Chapter 7 of the Canada Free Trade Agreement (formerly the Agreement on Internal Trade) generally requires provincial and territorial governments to recognize individuals who hold certain trade certificates issued by a Canadian province or territory as having met the requirements to practice their occupation elsewhere in Canada.

Provinces and territories are responsible for administering apprenticeship training and trade certification in their respective jurisdictions, including the administration of the Red Seal Program.
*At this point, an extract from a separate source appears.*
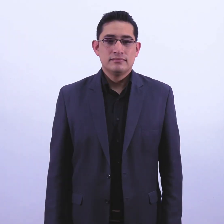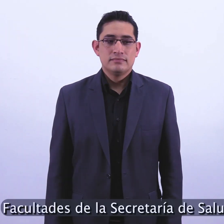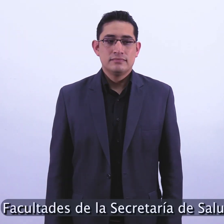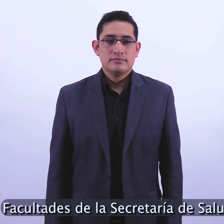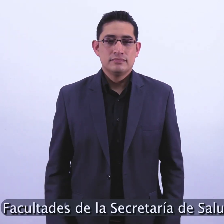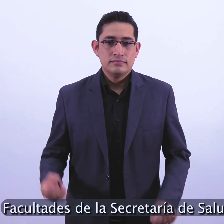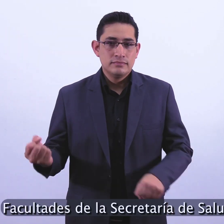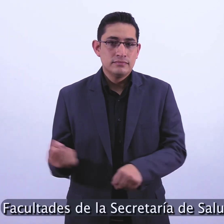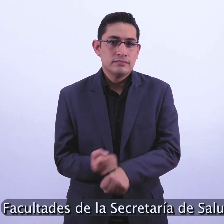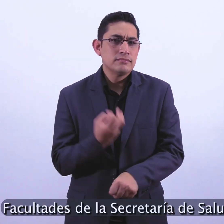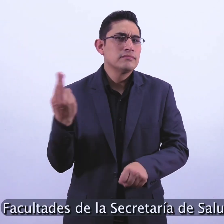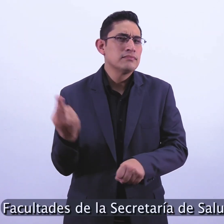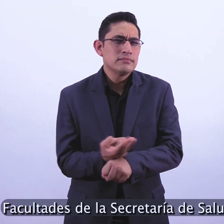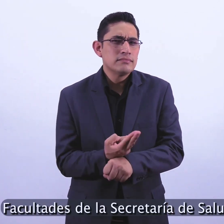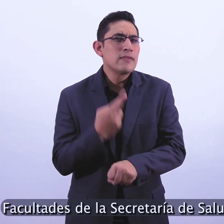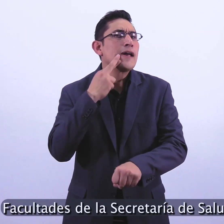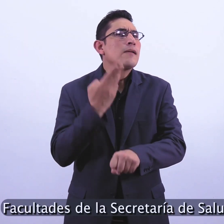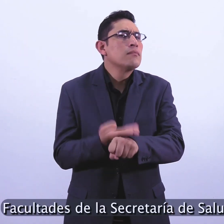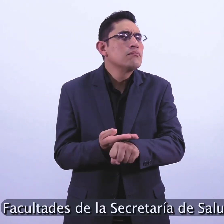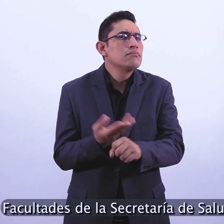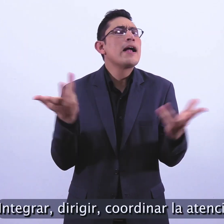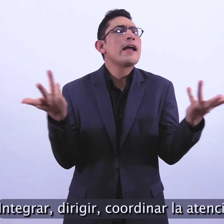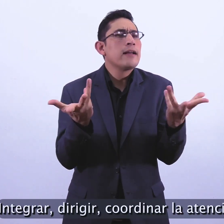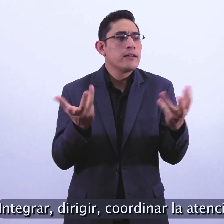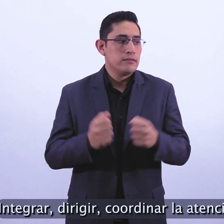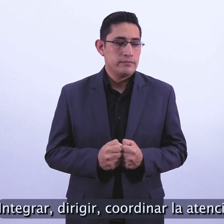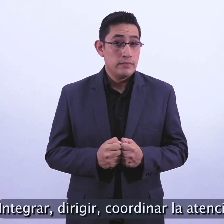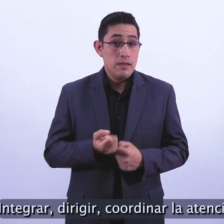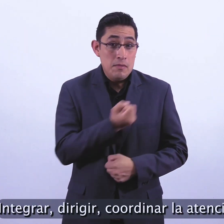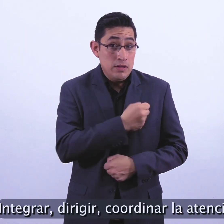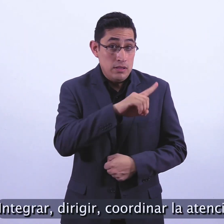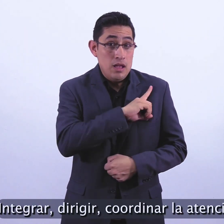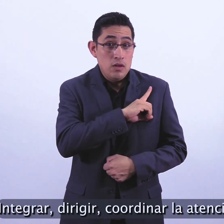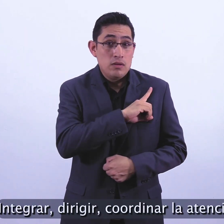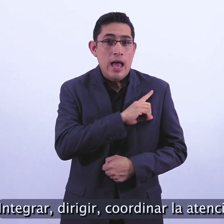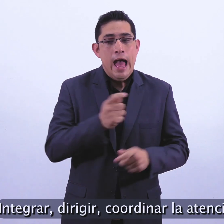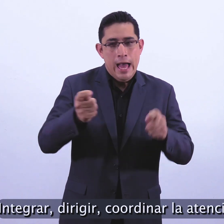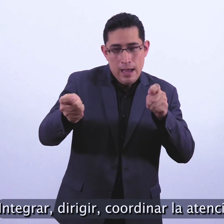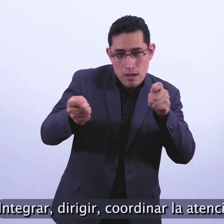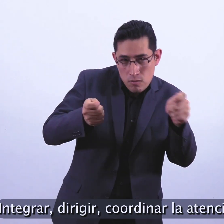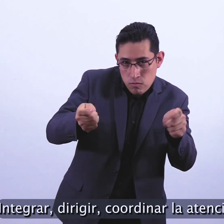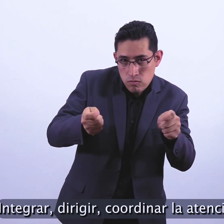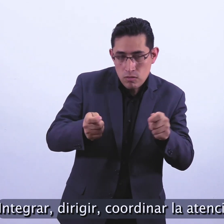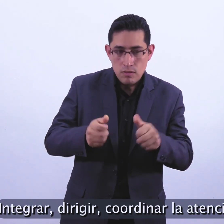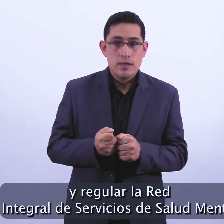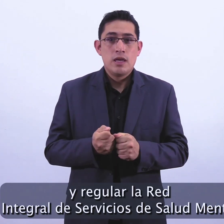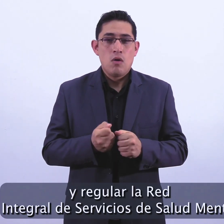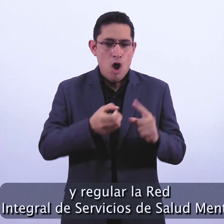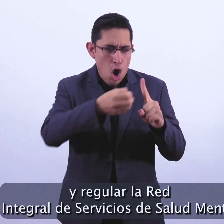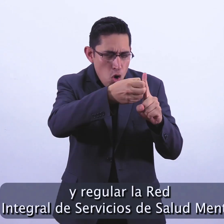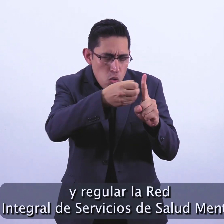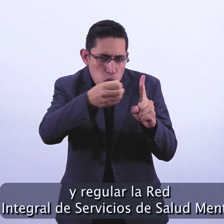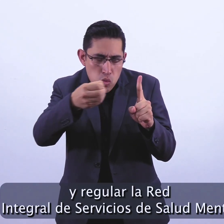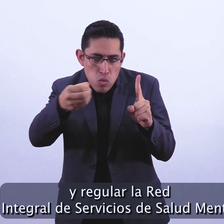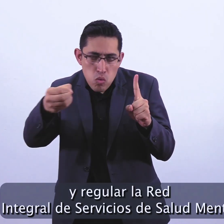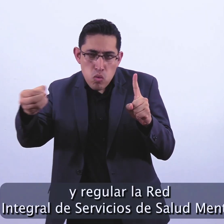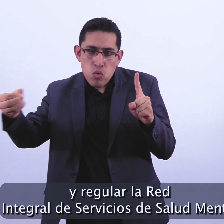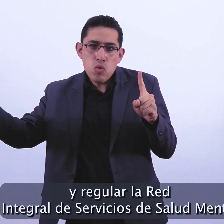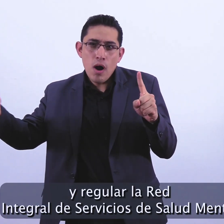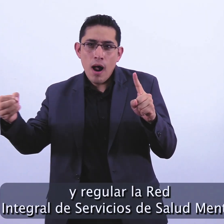Facultades de la Secretaría de Salud. Integrar, dirigir, coordinar la atención y regular la red integrada de servicios

Each province and territory administers and regulates apprenticeship and certification under their own legislation:

- Prince Edward Island's program is regulated by the Apprenticeship and Trades Qualification Act
- Nova Scotia's program is regulated by the Apprenticeship and Trades Qualification Act
- Newfoundland's program is regulated by the Apprenticeship and Certification Act
- New Brunswick's program is regulated by the Apprenticeship and Occupational Certification Act
- Quebec's program is regulated by the Manpower Vocational Training and Qualification Act
- Ontario 's program is regulated by the Building Opportunities in the Skilled Trades Act.
- Manitoba's program is regulated by the Apprenticeship and Certification Act.
- Saskatchewan's program is regulated by the Apprenticeship and Trade Certification Act
- Alberta's program is regulated by the Apprenticeship and Industry Training Act
- British Columbia's program is regulated by the Skilled Trades BC Act
- Nunavut's program is regulated by the Trade and Occupations Certification Act
- The Yukon Territories' program is regulated by the Apprenticeship Training Act
- The Northwest Territories' program is regulated by the Apprenticeship, Trade, and Occupation Certification Act

Most provinces and territories use the Red Seal examination as the final certification exam in designated Red Seal trades. Many employers only hire persons with this qualification to avoid varying standards among the provinces.